# squirrel dogs



## slug8

lets see thes squirrel dogs!!!!!!!!!!!!!!!!


----------



## sljones

*Future Ones*

Here are pics of some future ones. About to turn 5 weeks old. Out of Bo X Bama.


----------



## slug8

i really like the bottom pup buck is doing good we put him in a cage with a squirrel and he chased it until the squirrel had a heart attack


----------



## bunny chaser

nice pup's ya got there


----------



## Gunslinginfool

whats a feist pup like that cost?


----------



## sljones

*Feist Pups*

I will be listing these in the Swap & Sell sometime this morning.


----------



## aewhite

Just wanted to post a few pictures of my dogs.


----------



## crackerdave

aewhite said:


> Just wanted to post a few pictures of my dogs.



_Nice!_

Hope you can bring 'em to the youth hunt this winter near Jesup!


----------



## state159

Nice pics Andy and Stan. Here's my Barger male Rudy a few days ago.


----------



## Melvin4730

*Spoon*

This is an old picture of Spoon. She's now five months old.


----------



## Cavalry Scout

Ol Rudy is looking good Ronny!


----------



## sljones

slug8,
Hey Landon. Just saw your pic in the paper. Congrats on your 1st place finish in the NFL punt, pass, & kick competition. Good luck at the National level.  Keep up the good work. 

Stan


----------



## sljones

Ronnie,
Looks like Rudy is ready!! He's a fine looking dog. Holler when you want to go hunting & we'll get together.

Stan


----------



## funderburkjason

This is my main dog. He is a kemmer mtn cur. This pic is from a short hunt last year. Took him out today for the first time. Treed a few, but there are too many leaves still. Cant wait till frost.


----------



## Melvin4730

Barger Stock Feist


----------



## state159

sljones said:


> Ronnie,
> Looks like Rudy is ready!! He's a fine looking dog. Holler when you want to go hunting & we'll get together.
> 
> Stan




Stan, I've hunted Rudy so much by himself that he doesn't want to hunt with another dog. I have another dog that will hunt OK with another dog though. He's better when the leaves come off. We'll get together.


----------



## state159

Melvin4730 said:


> Barger Stock Feist




Mack, Cool Whip sure looks good.


----------



## Brian Groce

*Beau & Merle*

My two in training.


----------



## Melvin4730

state159 said:


> Mack, Cool Whip sure looks good.




Thanks!

Hows that pup of yours doing?


----------



## moagie25

*Swamp Creek Jughead*

Heres ours .


----------



## Doug B.

I am posting this for my buddy jgragg. This is his fiest Trip.


----------



## theronhearn

them sure are some pretty dogs


----------



## soggy bottom Buck

*Lets go hunting Andy*



aewhite said:


> Just wanted to post a few pictures of my dogs.

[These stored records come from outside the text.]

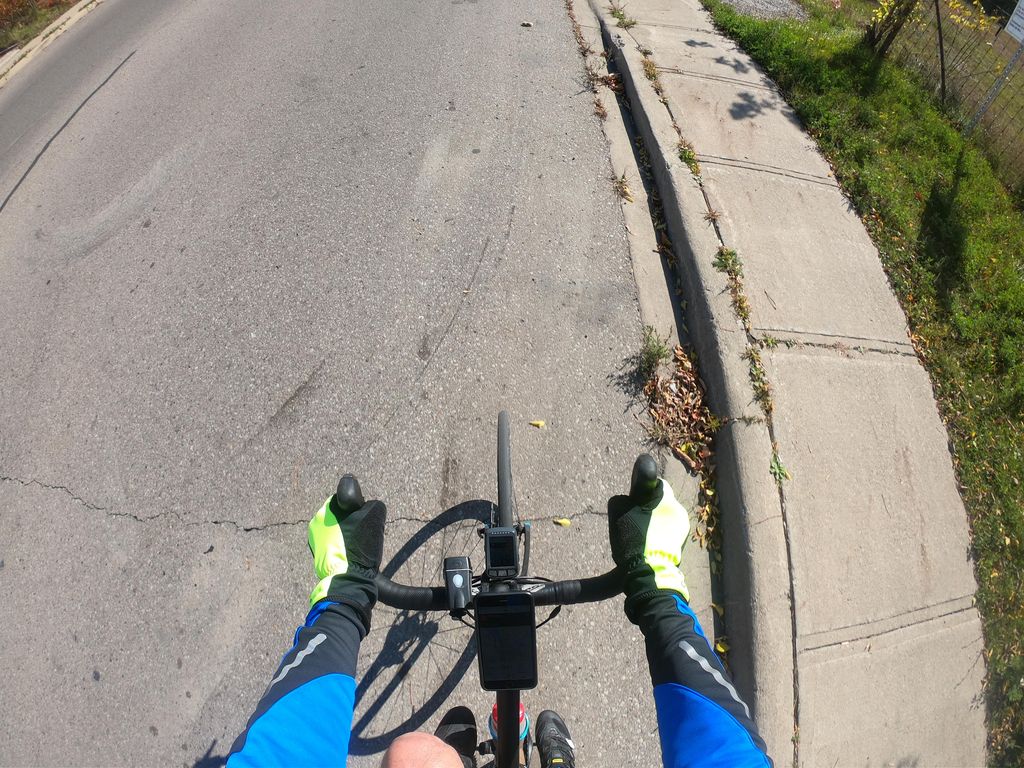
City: kitchener-waterloo
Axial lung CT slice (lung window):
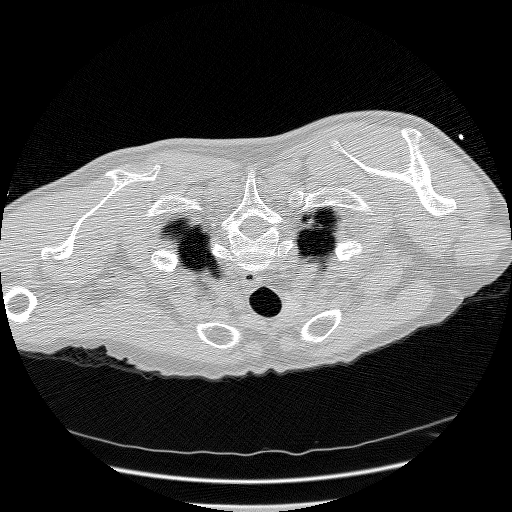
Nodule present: no
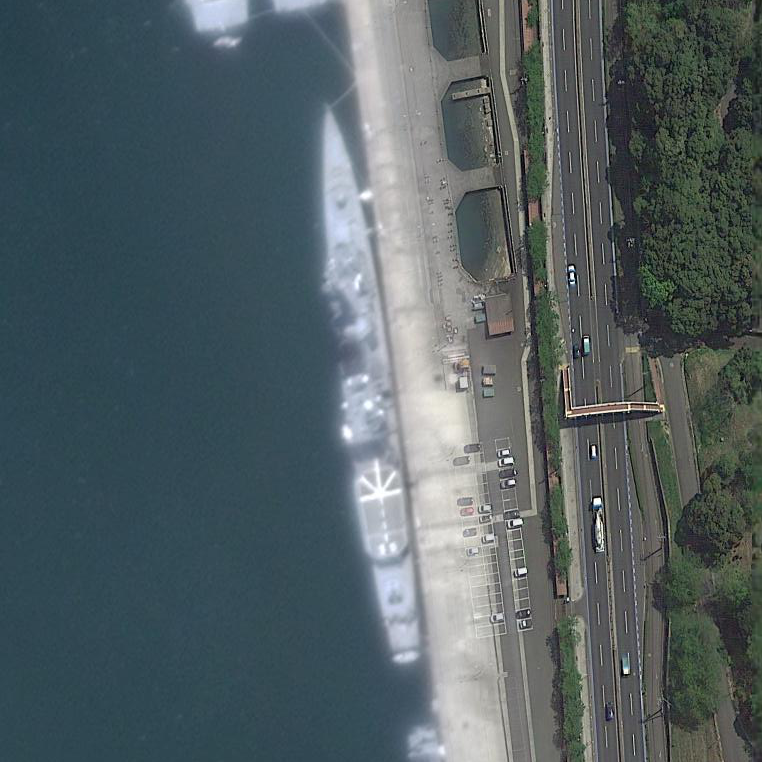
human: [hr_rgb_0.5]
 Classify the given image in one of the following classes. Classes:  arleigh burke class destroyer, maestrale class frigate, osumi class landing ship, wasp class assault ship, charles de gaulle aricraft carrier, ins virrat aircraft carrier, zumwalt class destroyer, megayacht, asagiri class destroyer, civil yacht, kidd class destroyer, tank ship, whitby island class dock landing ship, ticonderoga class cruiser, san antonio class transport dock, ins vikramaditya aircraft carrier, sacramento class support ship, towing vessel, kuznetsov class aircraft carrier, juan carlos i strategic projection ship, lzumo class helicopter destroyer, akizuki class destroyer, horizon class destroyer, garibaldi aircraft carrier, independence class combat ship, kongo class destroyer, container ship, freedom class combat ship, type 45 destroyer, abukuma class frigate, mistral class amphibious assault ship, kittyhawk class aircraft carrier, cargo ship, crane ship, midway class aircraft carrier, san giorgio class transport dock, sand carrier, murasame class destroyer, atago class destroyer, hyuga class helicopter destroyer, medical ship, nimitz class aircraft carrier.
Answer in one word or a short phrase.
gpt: Abukuma class frigate
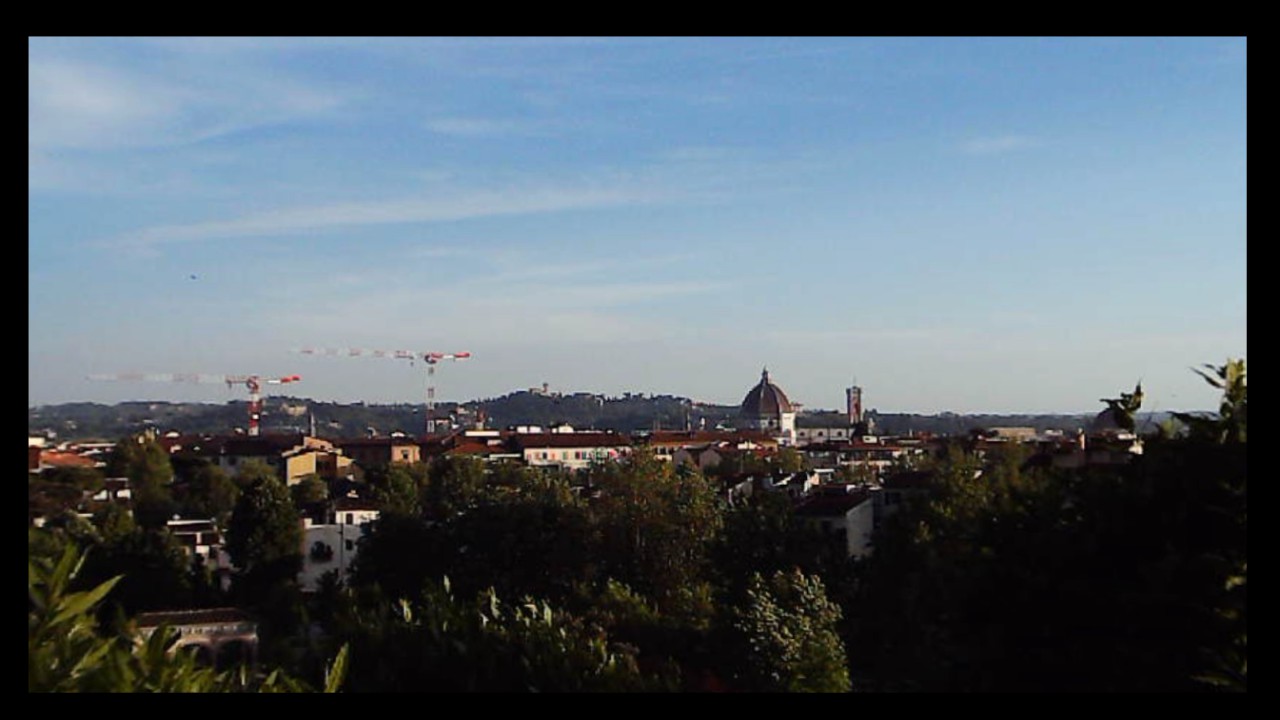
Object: Betafpv air75
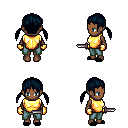
a pixel art fantasy rpg character, female body template, human, dark skin, gold chest armor, teal pants, raven twin-tailed hairstyle, gold gloves, black slippers, dagger, four views (front, back, left, right), 2x2 character sprite sheet, small pixel art, hard edges, no anti-aliasing
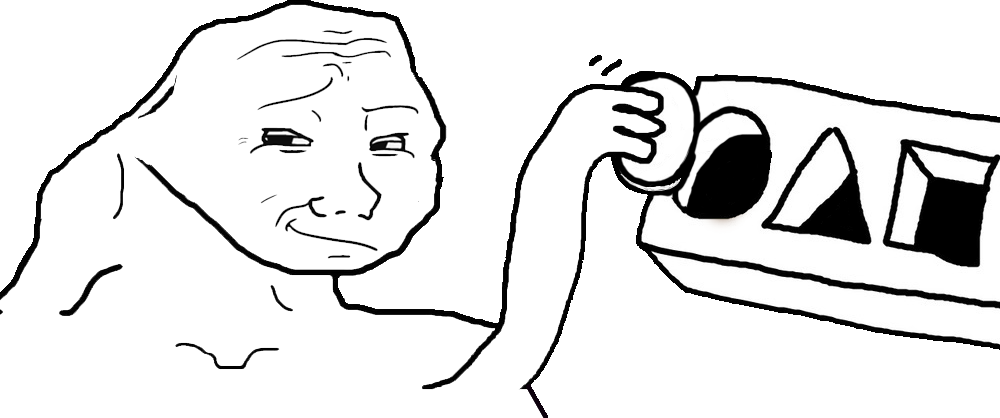
Label: 5_Brainlet
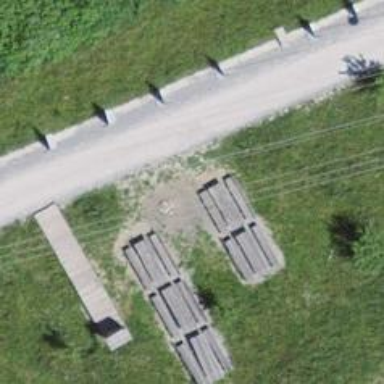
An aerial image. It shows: Picnic table located in leisure land area.
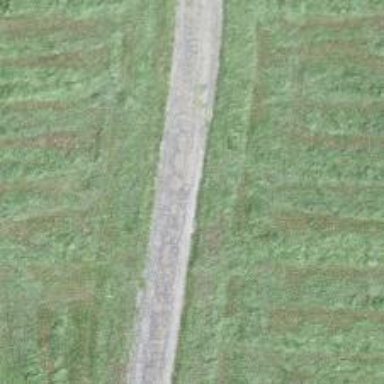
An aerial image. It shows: Asphalt path with smooth surface grade of grade1.
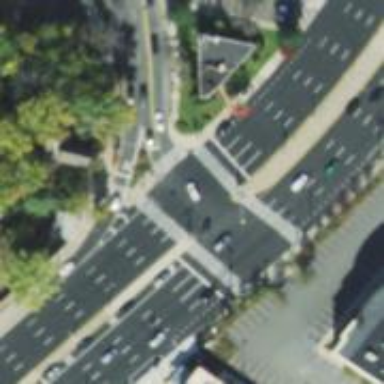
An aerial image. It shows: Footway that serves as traffic island.
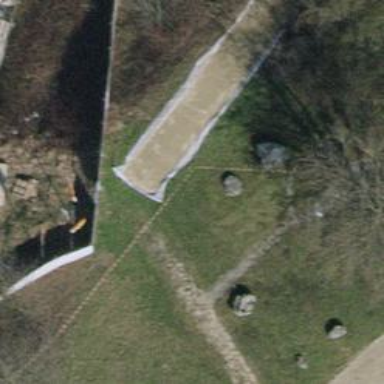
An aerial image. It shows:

good looking dog's    lets go tree um


----------



## soggy bottom Buck

*hi*

Andy ready to take the dogs out,


----------



## wclawrence

Here are some.
Top pic, Dazy (catahoula) on left, Bandit on right, Catfish (mtn cur)in background.
Bottom left, is Catfish and Dazy.
Bottom right is Rooster. Rooster and Bandit are off of Catfish and an English Coonhound.


----------



## soggy bottom Buck

still have 2 pups off of buck. both are males.


----------



## soggy bottom Buck

*hunting*

ready for it to cool off,


----------



## Melvin4730

Coolwhip and Queen


----------



## Nga.

2 out of Williams Bud


----------



## Melvin4730

*Spoon*

Updated Photo of Spoon


----------



## jamo76

*Petey*

My 11 month old Feist.  Petey


----------



## FERAL ONE

here is my dixie that we got from mr stan. she is a squirrel nightmare and our favorite critter !!!


----------



## DAVE INMAN

Treeluke's Jazzy.


----------



## Phillip Todd

*Barger Stock Feist*

This is my Barger Stock Feist from a hunt an the last day of the season last year,


----------



## T.P.

FERAL ONE said:


> here is my dixie that we got from mr stan. she is a squirrel nightmare and our favorite critter !!!



Geeez, that's perty!


----------



## Mohunter

FERAL ONE said:


> here is my dixie that we got from mr stan. she is a squirrel nightmare and our favorite critter !!!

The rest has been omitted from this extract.